[Activity]: From first line to last, give the records again word for word and omit the pictures.

[Data records]:
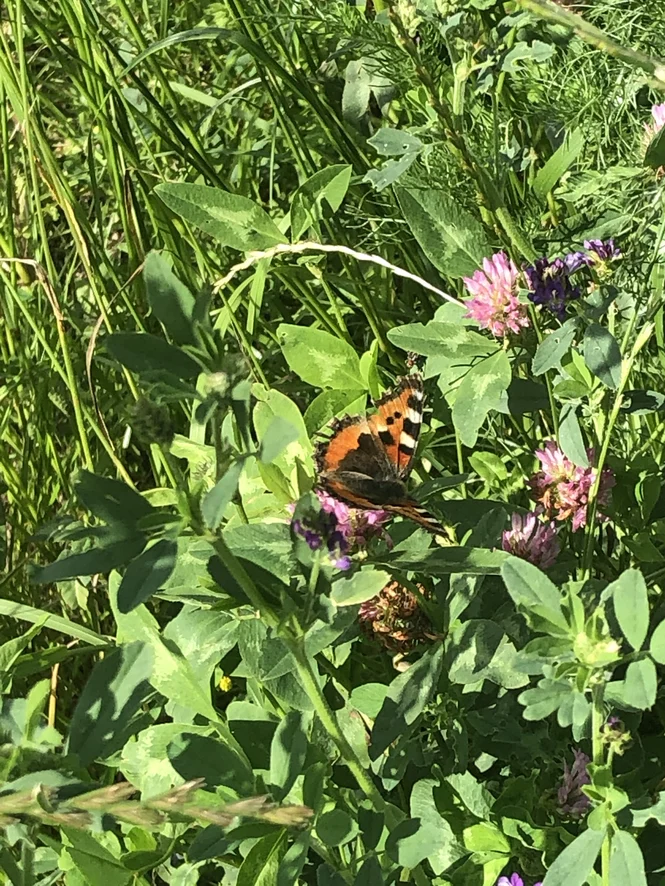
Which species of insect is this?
Aglais urticae
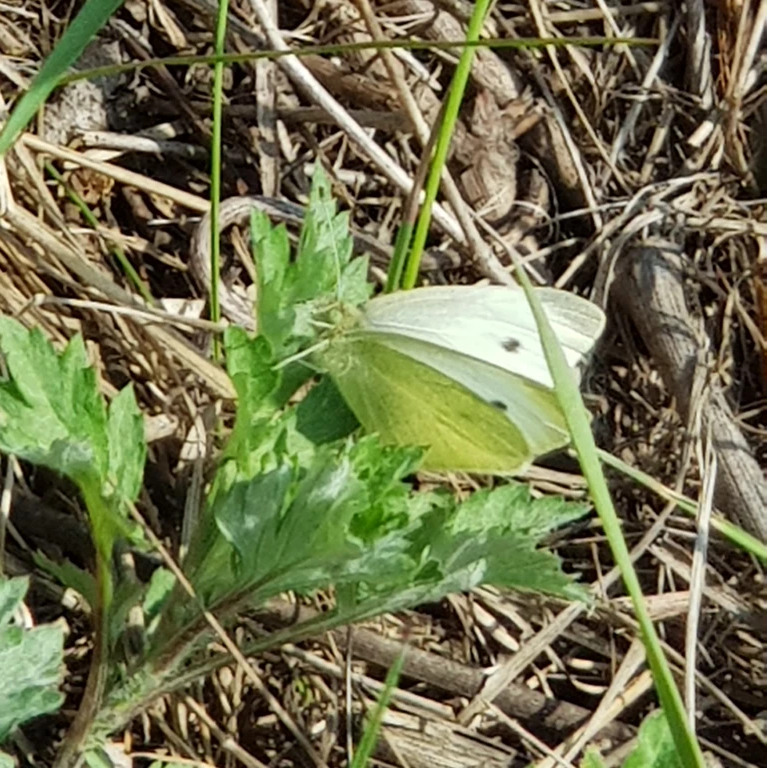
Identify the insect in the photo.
Pieris rapae
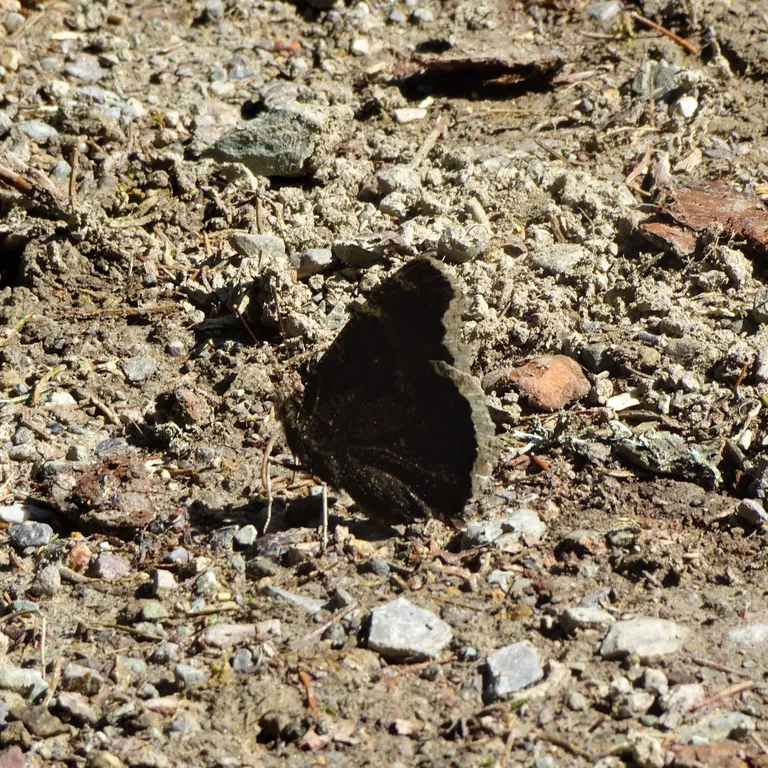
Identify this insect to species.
Nymphalis antiopa
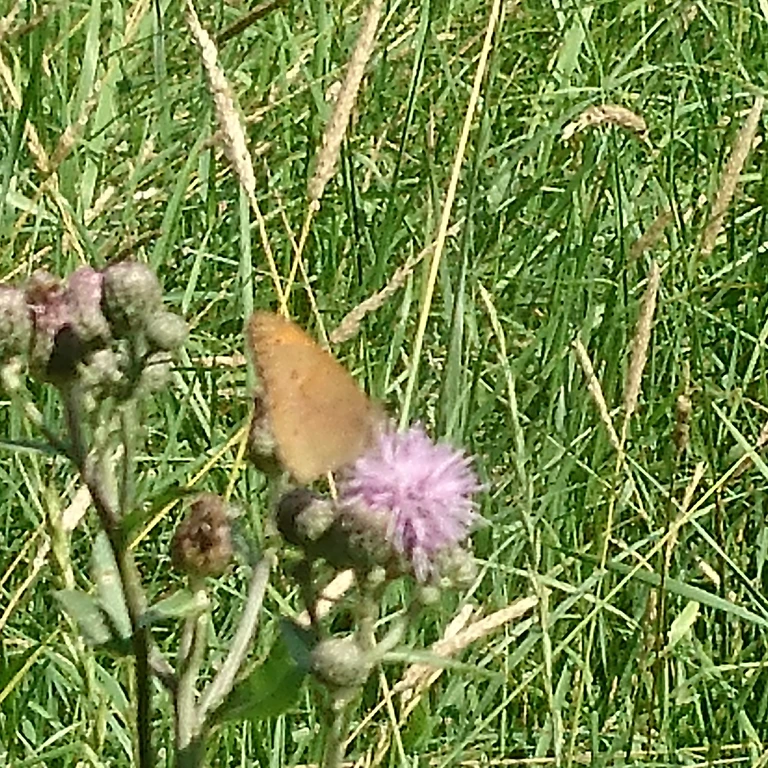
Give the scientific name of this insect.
Maniola jurtina
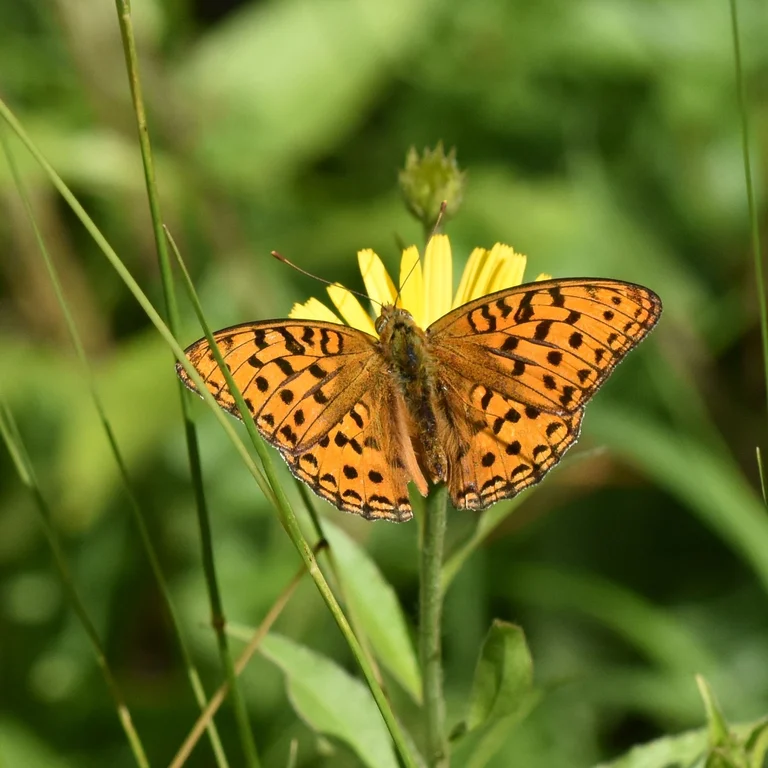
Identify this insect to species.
Fabriciana adippe

[Your solution]:
Which species of insect is this?
Aglais urticae
Identify the insect in the photo.
Pieris rapae
Identify this insect to species.
Nymphalis antiopa
Give the scientific name of this insect.
Maniola jurtina
Identify this insect to species.
Fabriciana adippe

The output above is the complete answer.